The GBM also shows the most important variables. The simplified title (title2), work experience, and the year are again the top explanatory variables. The measure of the student population, the college, and the proportion of international Indian students follows.

[00:47:41] WARNING: src/learner.cc:767: Parameters: { “rmse”, “trees” } are not used.
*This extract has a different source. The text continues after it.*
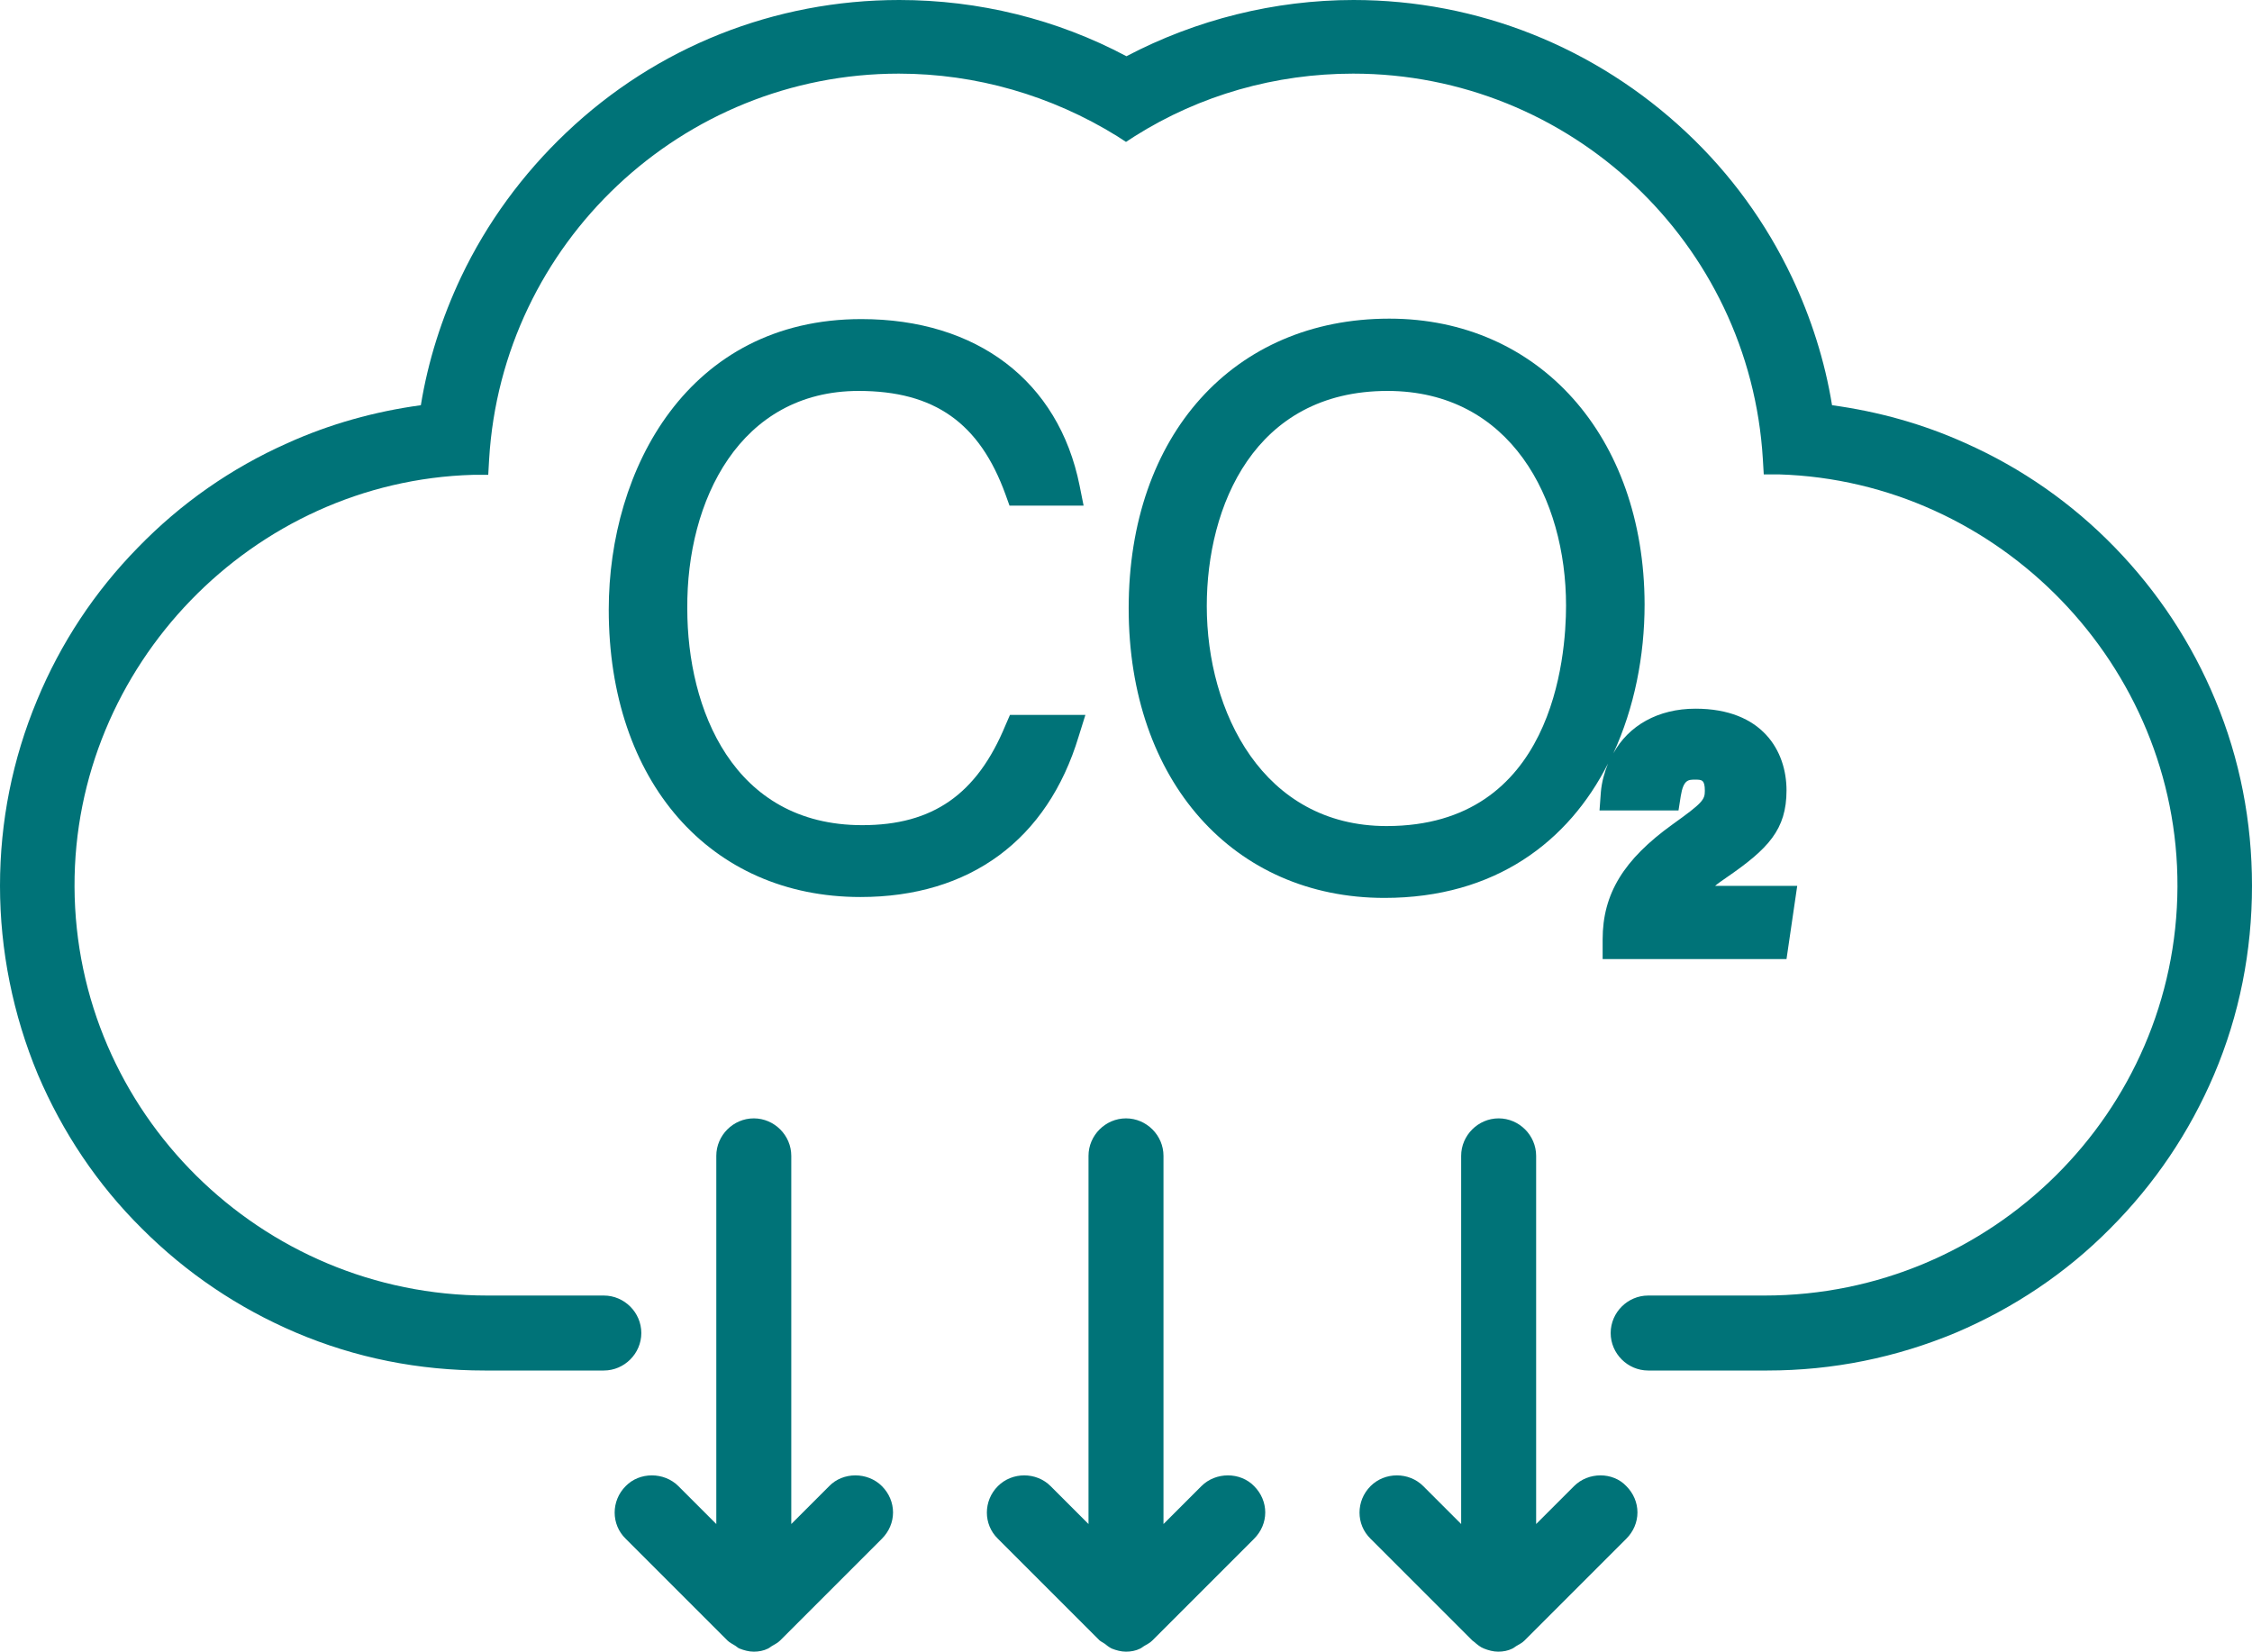 <?xml version="1.0" encoding="UTF-8"?><svg id="_48x48_icons" xmlns="http://www.w3.org/2000/svg" viewBox="0 0 50.46 37.01"><defs><style>.cls-1{fill:#007378;}</style></defs><path class="cls-1" d="M19.24,8.76c1.7,0,2.71,.72,3.29,2.32l.09,.25h1.66l-.09-.45c-.47-2.34-2.3-3.73-4.89-3.73-3.89,0-5.66,3.37-5.66,6.51,0,3.85,2.27,6.44,5.64,6.44,2.45,0,4.19-1.28,4.89-3.6l.15-.48h-1.69l-.1,.23c-.64,1.55-1.63,2.24-3.21,2.24-2.9,0-3.92-2.61-3.92-4.85-.02-2.43,1.18-4.88,3.84-4.88Z"/><path class="cls-1" d="M31.13,7.14c-3.49,0-5.84,2.61-5.84,6.49s2.36,6.49,5.73,6.49c2.49,0,4.13-1.27,5.01-3.01-.08,.2-.14,.41-.16,.64l-.03,.41h1.77l.05-.32c.06-.37,.17-.37,.32-.37s.22,0,.22,.25c0,.2-.05,.27-.72,.75-1.1,.79-1.57,1.56-1.57,2.58v.44h4.12l.24-1.64h-1.84c.07-.06,.16-.12,.26-.19,.93-.64,1.34-1.07,1.34-1.95s-.54-1.83-2.04-1.83c-.84,0-1.5,.38-1.84,1,.47-1.02,.7-2.18,.7-3.34-.01-3.76-2.36-6.4-5.72-6.4Zm3.96,6.43c0,1.16-.29,4.94-4.02,4.94-2.77,0-4.03-2.56-4.03-4.93,0-2.23,1.06-4.82,4.05-4.82,2.76,0,4,2.42,4,4.81Z"/><path class="cls-1" d="M49.64,15.69c-.53-1.28-1.29-2.43-2.25-3.42s-2.09-1.78-3.35-2.34c-.95-.43-1.96-.71-2.99-.85-.16-.99-.47-1.96-.9-2.87-.58-1.22-1.37-2.31-2.36-3.24C35.76,1.06,33.11,0,30.33,0,28.56,0,26.8,.44,25.24,1.26c-1.56-.83-3.31-1.26-5.09-1.26-2.79,0-5.44,1.05-7.46,2.97-.98,.93-1.78,2.02-2.36,3.24-.43,.91-.74,1.88-.9,2.87-1.03,.14-2.04,.42-2.99,.85-1.26,.56-2.39,1.35-3.35,2.34-.97,.99-1.73,2.14-2.26,3.42-.55,1.32-.83,2.72-.83,4.16s.29,2.89,.85,4.23c.55,1.29,1.33,2.46,2.33,3.45,1,1,2.16,1.78,3.45,2.33,1.34,.57,2.76,.85,4.23,.85h2.67c.46,0,.84-.38,.84-.84s-.38-.84-.84-.84h-2.61c-5.08,0-9.23-4.11-9.25-9.16-.02-4.95,3.99-9.09,8.93-9.23h.34s.02-.35,.02-.35c.29-4.84,4.32-8.64,9.18-8.64,1.73,0,3.42,.49,4.89,1.4l.2,.13,.2-.13c1.46-.92,3.15-1.4,4.89-1.4,4.86,0,8.89,3.79,9.18,8.64l.02,.34h.34c4.94,.15,8.95,4.29,8.93,9.24-.02,5.05-4.17,9.16-9.25,9.16h-2.61c-.46,0-.84,.38-.84,.84s.38,.84,.84,.84h2.67c1.47,0,2.89-.29,4.23-.85,1.29-.55,2.46-1.33,3.45-2.33,1-1,1.78-2.16,2.33-3.45,.57-1.34,.85-2.77,.85-4.23,0-1.44-.27-2.84-.82-4.16Z"/><path class="cls-1" d="M18.58,33.3l-.85,.85v-8.25c0-.46-.38-.84-.84-.84s-.84,.38-.84,.84v8.25l-.85-.85c-.32-.32-.87-.32-1.18,0-.33,.33-.33,.86,0,1.18l2.28,2.28c.05,.05,.12,.08,.18,.12,.03,.02,.06,.05,.09,.06,.1,.04,.21,.07,.32,.07s.22-.02,.32-.07c.04-.02,.07-.05,.11-.07,.05-.03,.11-.06,.16-.11l2.28-2.28c.16-.16,.25-.37,.25-.59s-.09-.43-.25-.59c-.32-.32-.87-.32-1.18,0Z"/><path class="cls-1" d="M26.92,33.3l-.85,.85v-8.25c0-.46-.38-.84-.84-.84s-.84,.38-.84,.84v8.25l-.85-.85c-.32-.32-.86-.32-1.18,0-.33,.33-.33,.86,0,1.18l2.28,2.28s.07,.05,.11,.07c.05,.04,.1,.08,.16,.11,.1,.04,.21,.07,.32,.07s.22-.02,.32-.07c.04-.02,.07-.05,.11-.07,.05-.03,.11-.06,.16-.11l2.28-2.28c.16-.16,.25-.37,.25-.59s-.09-.43-.25-.59c-.31-.32-.86-.32-1.18,0Z"/><path class="cls-1" d="M35.27,33.3l-.85,.85v-8.25c0-.46-.38-.84-.84-.84s-.84,.38-.84,.84v8.25l-.85-.85c-.32-.32-.86-.32-1.18,0-.33,.33-.33,.86,0,1.18l2.28,2.28s.03,.02,.04,.03c.07,.06,.14,.12,.22,.15,.1,.04,.21,.07,.32,.07s.22-.02,.32-.07c.04-.02,.07-.05,.11-.07,.05-.03,.11-.06,.16-.11l2.28-2.28c.16-.16,.25-.37,.25-.59s-.09-.43-.25-.59c-.3-.32-.85-.32-1.17,0Z"/></svg>

Testing Prediction Results

RMSE for: OLS:0.0918 FE:0.1221 RF:0.0907 BE:0.0923 The ensemble (equal weighted) model RMSE is: 0.0878 XGB RMSE is: 0.09099

Conclusions

The Ontario Sunshine List is a unique resource of Ontario public servant salaries that exceed $100,000. I’ve used this data to construct both inferential and predictive models. By merging the data with college enrollment data, I found that a simplified job title, year, and employee work experience go a long way to explaining job salaries. Interestingly, colleges with a large proportion of international students from India tend to pay their staff worse, all other things being equal.

The predictive tree-based models, including random forest and gradient boosting machines, are better at predicting salaries based on the training data. Additional work should be done to choose improved, simplified titles that would likely improve the models. Overall, an ensemble method outperformed any single model.